Daniel Newman: No, you’re not allowed to challenge me. I’m always right. But in all seriousness, I think we’re probably more in alignment than not. I just mean like, look, it’s been a tough year. The street wants more profitability. They don’t get enough benefit out of the cost. They don’t need to be innovating in terms of the hardware product itself as much as you might think. What they need to do is to get more of these into more homes so they can get better data and get better insights to keep delivering more stuff to everybody’s door. And then ultimately the kind of stuff, right? So it’s not just knickknacks, it becomes your electronics, it becomes your healthcare needs, it becomes your food and grocery, and eventually it can potentially be everything. And that of course will always put them in the limelight of everything from cool tech news to antitrust discussions.
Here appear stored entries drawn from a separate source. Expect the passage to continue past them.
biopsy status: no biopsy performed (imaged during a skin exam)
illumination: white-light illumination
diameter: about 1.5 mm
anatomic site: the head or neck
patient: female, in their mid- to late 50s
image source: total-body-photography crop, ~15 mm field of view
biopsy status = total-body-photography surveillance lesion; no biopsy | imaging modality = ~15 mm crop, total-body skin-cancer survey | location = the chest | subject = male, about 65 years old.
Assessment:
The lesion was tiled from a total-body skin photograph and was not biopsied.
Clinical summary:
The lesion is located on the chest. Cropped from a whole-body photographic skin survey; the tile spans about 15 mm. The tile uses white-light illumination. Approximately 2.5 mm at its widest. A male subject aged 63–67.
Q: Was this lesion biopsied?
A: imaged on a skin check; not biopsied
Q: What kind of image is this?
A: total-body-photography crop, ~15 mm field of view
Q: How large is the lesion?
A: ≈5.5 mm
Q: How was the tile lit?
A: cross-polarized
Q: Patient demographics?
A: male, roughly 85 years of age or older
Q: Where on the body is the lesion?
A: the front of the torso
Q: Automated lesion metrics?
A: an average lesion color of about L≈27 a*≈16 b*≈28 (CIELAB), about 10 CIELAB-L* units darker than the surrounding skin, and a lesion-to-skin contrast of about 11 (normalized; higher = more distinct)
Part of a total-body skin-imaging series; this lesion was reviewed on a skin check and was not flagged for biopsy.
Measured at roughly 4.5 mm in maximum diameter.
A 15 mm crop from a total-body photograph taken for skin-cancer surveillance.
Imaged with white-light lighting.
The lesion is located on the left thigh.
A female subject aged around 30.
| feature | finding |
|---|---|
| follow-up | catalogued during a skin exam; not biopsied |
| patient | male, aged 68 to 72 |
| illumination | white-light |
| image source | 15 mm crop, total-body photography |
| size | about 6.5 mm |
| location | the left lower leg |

The only thing I’ll say about Andy and the team is anytime a new CEO comes, I give it a year to two years in, the whole executive teams tend to get washed out. This was a group of people that all wanted to be the next Jeff Bezos, and probably a lot of them thought maybe they were the person that should have been next in line, and when they realized it wasn’t them, I can’t think of a company, Pat, where this doesn’t happen. When a new CEO comes in, within a year or two people figure out, am I part of the plan? Am I not part of the plan?

Patrick Moorhead: I know Apple was pretty consistent.
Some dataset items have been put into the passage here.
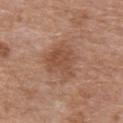Assessment:
Recorded during total-body skin imaging; not selected for excision or biopsy.
Acquisition and patient details:
A 15 mm crop from a total-body photograph taken for skin-cancer surveillance. A male subject, roughly 65 years of age. The lesion is on the chest. Automated image analysis of the tile measured a lesion area of about 14 mm² and an outline eccentricity of about 0.35 (0 = round, 1 = elongated). The analysis additionally found an average lesion color of about L≈50 a*≈21 b*≈30 (CIELAB), about 8 CIELAB-L* units darker than the surrounding skin, and a normalized lesion–skin contrast near 6.5. About 5 mm across. Imaged with white-light lighting.
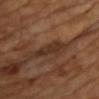Case summary:
- workup: total-body-photography surveillance lesion; no biopsy
- image source: 15 mm crop, total-body photography
- location: the head or neck

Daniel Newman: But it’s Apple. I mean, are you even allowed to leave? I thought you were chained to your desk.

Patrick Moorhead: Google was pretty consistent.
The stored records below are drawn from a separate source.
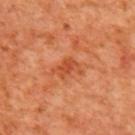The lesion was photographed on a routine skin check and not biopsied; there is no pathology result.
A 15 mm crop from a total-body photograph taken for skin-cancer surveillance.
The lesion is on the upper back.
A female patient, aged approximately 40.
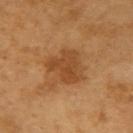The lesion was tiled from a total-body skin photograph and was not biopsied.
A 15 mm close-up tile from a total-body photography series done for melanoma screening.
The tile uses cross-polarized illumination.
From the right upper arm.
The subject is a male aged approximately 65.
Automated tile analysis of the lesion measured border irregularity of about 4 on a 0–10 scale, internal color variation of about 2.5 on a 0–10 scale, and a peripheral color-asymmetry measure near 1. And it measured a classifier nevus-likeness of about 15/100 and a lesion-detection confidence of about 100/100.
About 4 mm across.

Daniel Newman: I can’t remember that.

Patrick Moorhead: No, this is a great conversation.

Daniel Newman: I can’t proclaim that. I think it changes a lot. I can give you plenty of examples where it did change.

Patrick Moorhead: Yeah, during times of struggles, 100%. Amazon has this seven-year, if you’re going to invest big, it doesn’t pay back in seven years, it’s off. And that’s kind of where I think we are. I don’t know what off means, I think it could be a significant reduction in investment. And by the way, we saw a huge reduction in investment from Google in the same space, in all of their smart home stuff.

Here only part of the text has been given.